Zimbabwe’s Covid-19 response should draw lessons from the interventions made by Government in the fight against HIV to avoid early errors and reduce the negative impact on security and public health, Commander Defence Forces General Phillip Valerio Sibanda has said.
He was speaking at the eighth Uniformed Forces Health Services virtual conference where he highlighted the need to maximise the reduction of HIV services for the country to achieve targets to reduce new infections and deaths.

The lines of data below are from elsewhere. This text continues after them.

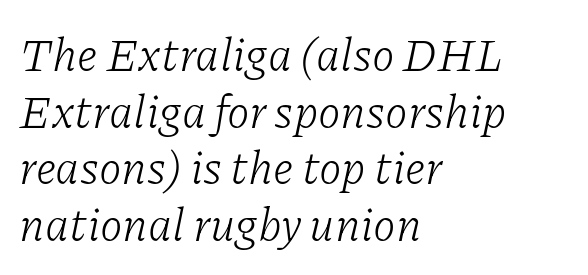
The image shows 46 px light serif type, italic (leaning right); set left-aligned, line spacing 1.23x, normal letter spacing, not underlined; low stroke contrast and a medium x-height.
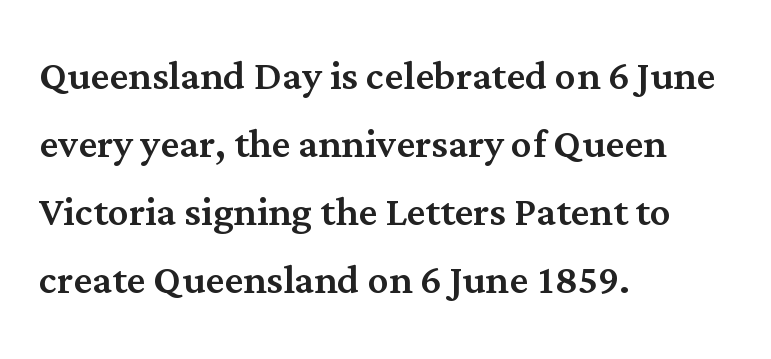
{"serif": "yes", "italic": "no", "width": "normal", "stroke_contrast": "medium", "x_height": "medium", "monospaced": "no", "underline": "no", "align": "left", "line_spacing": "normal", "line_spacing_ratio": 1.31, "letter_spacing": "normal", "letter_spacing_em": 0.0, "glyph_px": 52}
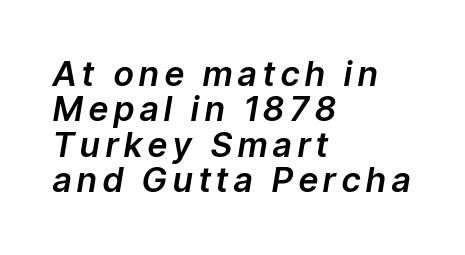
Q: Is the text italic (slanted)? A: Yes, it leans right by about 9 degrees.
Q: Is the text underlined? A: No.
Q: How is the paragraph aligned? A: Left-aligned.
Q: Is the spacing between lines tight, normal or loose? A: Tight.
Q: Width (condensed, normal, or wide)? A: Normal.
Q: Stroke contrast? A: Low.
Q: x-height? A: Medium.
Q: Monospaced? A: No.
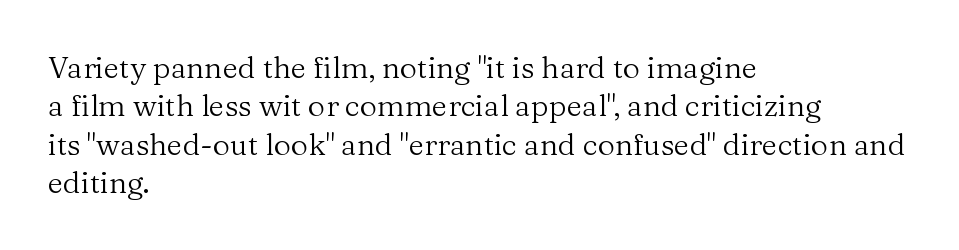
The image shows 30 px regular-weight serif type, upright; set left-aligned, normal line spacing (1.28x), normal letter spacing, not underlined; medium stroke contrast and a medium x-height.
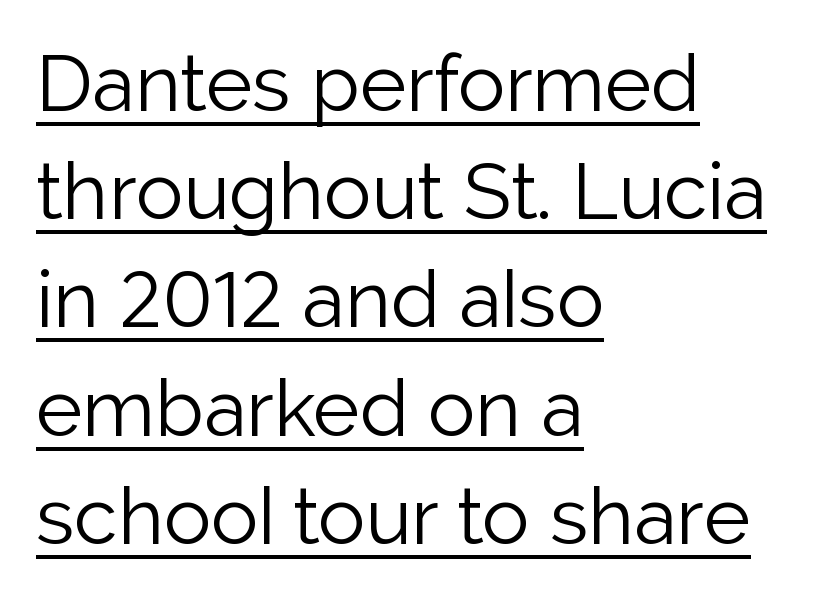
Q: Is the text bold? A: No.
Q: Is the text italic (slanted)? A: No, it is upright.
Q: Is the typeface a serif or a sans-serif typeface? A: Sans-serif.
Q: Is the text underlined? A: Yes.
Q: How is the paragraph aligned? A: Left-aligned.
Q: Is the spacing between letters normal or unusually wide? A: Normal.
Q: Is the spacing between lines tight, normal or loose? A: Normal.
Q: Width (condensed, normal, or wide)? A: Normal.
Q: Stroke contrast? A: Low.
Q: x-height? A: Medium.
Q: Monospaced? A: No.
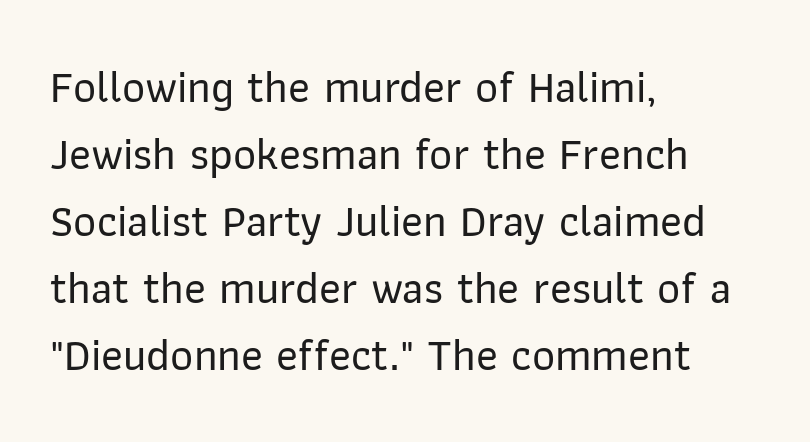
Q: Is the text italic (slanted)? A: No, it is upright.
Q: Is the typeface a serif or a sans-serif typeface? A: Sans-serif.
Q: Is the text underlined? A: No.
Q: How is the paragraph aligned? A: Left-aligned.
Q: Is the spacing between letters normal or unusually wide? A: Normal.
Q: Is the spacing between lines tight, normal or loose? A: Normal.
Q: Width (condensed, normal, or wide)? A: Normal.
Q: Stroke contrast? A: Low.
Q: x-height? A: Medium.
Q: Monospaced? A: No.
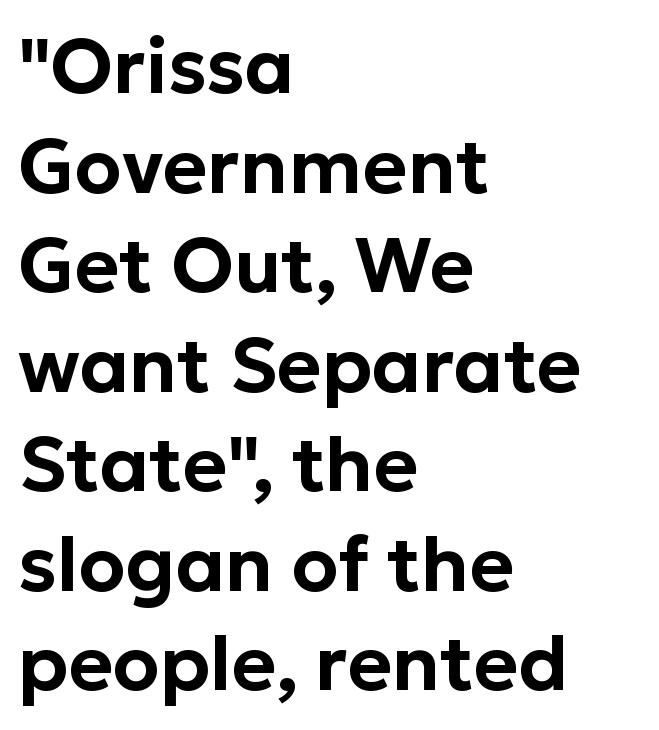
{"serif": "no", "italic": "no", "width": "normal", "stroke_contrast": "low", "x_height": "medium", "monospaced": "no", "underline": "no", "align": "left", "line_spacing": "normal", "line_spacing_ratio": 1.31, "letter_spacing": "normal", "letter_spacing_em": 0.0, "glyph_px": 76}
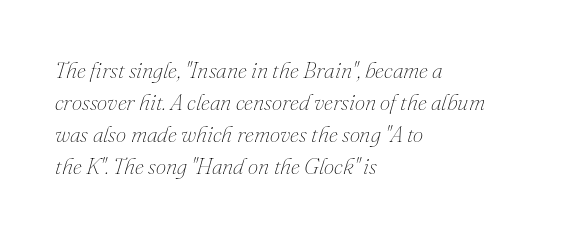
Successive baselines arrive at the customary interval. No word sits above an underline. Style check: oblique. Stem width sits at or under what a default text font uses.
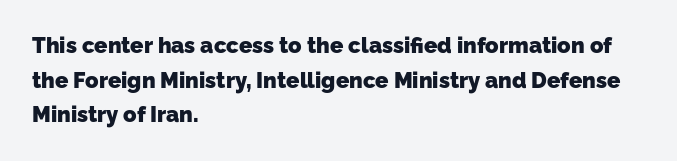
{"bold": "yes", "underline": "no", "align": "left", "line_spacing": "normal", "line_spacing_ratio": 1.57, "letter_spacing": "normal", "letter_spacing_em": 0.0, "glyph_px": 22}
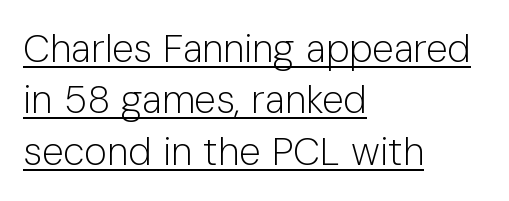
{"serif": "no", "italic": "no", "bold": "no", "weight": "light", "width": "normal", "stroke_contrast": "low", "x_height": "medium", "monospaced": "no", "underline": "yes", "align": "left", "line_spacing": "normal", "line_spacing_ratio": 1.32, "letter_spacing": "normal", "letter_spacing_em": 0.0, "glyph_px": 39}
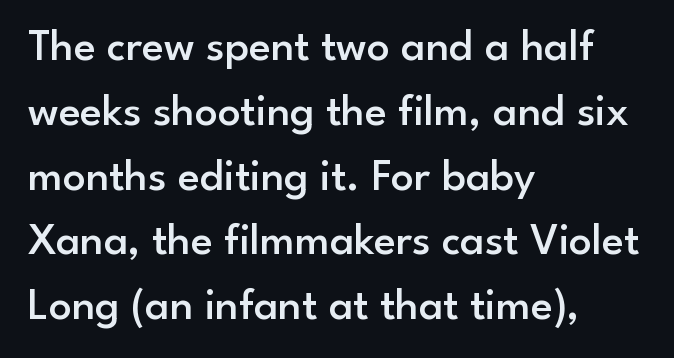
The image shows 45 px semibold sans-serif type, upright; set left-aligned, normal line spacing (1.44x), normal letter spacing, not underlined; low stroke contrast and a small x-height.
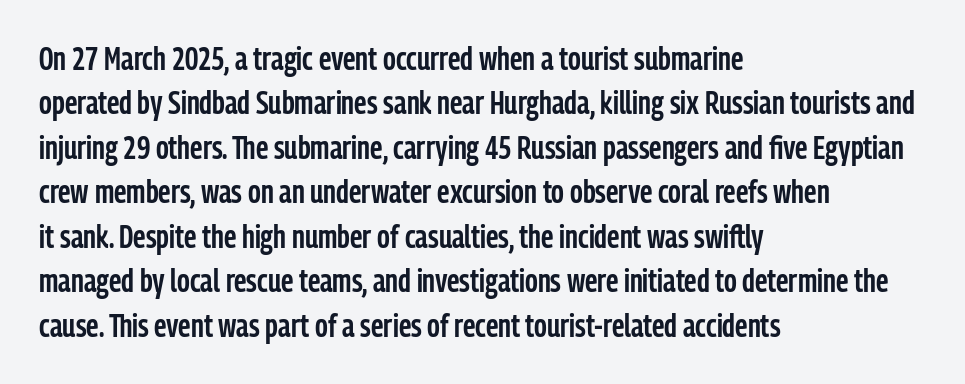
The image shows 32 px semibold, condensed sans-serif type, upright; set left-aligned, normal line spacing (1.39x), normal letter spacing, not underlined; low stroke contrast and a medium x-height.
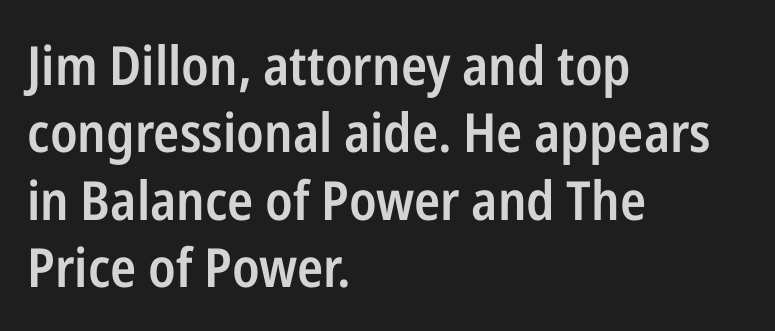
How would I describe the line gaps? Plain and ordinary. Unlike a traditional serif, this face leaves its strokes unadorned. Is the type bold? Partly — it's a semibold, heavier than regular but not fully bold. Layout note: lines flush left.
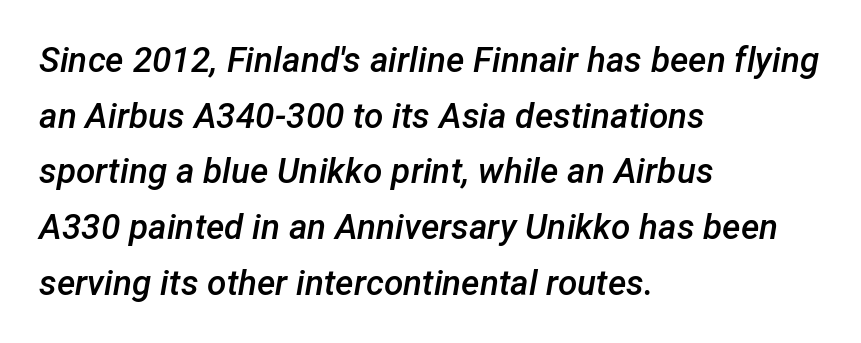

The conference, which seeks to bring together key military health experts from the SADC region and beyond to share scientific knowledge and experiences, is running under the theme “HIV and Covid-19: Facing the Challenge.”
General Sibanda said Covid-19 had adversely affected essential health systems and was undermining programmes to address HIV and other global health priorities.
“As we continue our fight against Covid-19, we should remain focused on the United Nations goal of achieving an HIV free generation and an end to HIV transmission by 2030. Our responses must leverage the know-how, analytical capacity and strategic information systems developed through HIV interventions to fully optimize the agility of our Covid-19 responses to adapt to an evolving evidence base, improve performance over time and effectively identify and reach communities at risk of being left behind,” he said.
In 2020, about 37,6 million people were living with HIV globally and there were 690 000 deaths from Aids related illnesses.
“According to modelling exercises from the HIV Modelling Consortium in collaboration with the World Health Organisation (WHO) and UNAIDS, a six-month 50 percent disruption in HIV treatment could lead to 300 000 extra aids-related deaths in Sub-Saharan Africa over a one-year period, a region where 440 000 people died of Aids-related illnesses in 2019 bringing us back to the 2011 mortality levels.
Likewise, a six-month service disruption in programmes to prevent mother-to-child transmission of HIV could cause new infections among children to increase by 40–80 percent in high-burden countries,” said Gen Sibanda.
He said agility and commitment would be required to prevent disruptions in HIV services associated with the Covid-19 crisis adding that the world urgently needed to substantially increase investments in the responses to both HIV and Covid-19.
Gen Sibanda said the pandemic had affected all facets of the security sector, including defence forces, which had been deployed to assist civilian authorities in fighting the pandemic in many countries.
“The Covid-19 pandemic is a public health ‘war’, and we as security forces, have joined the war to contain the pandemic and prevent its further spread,” he said.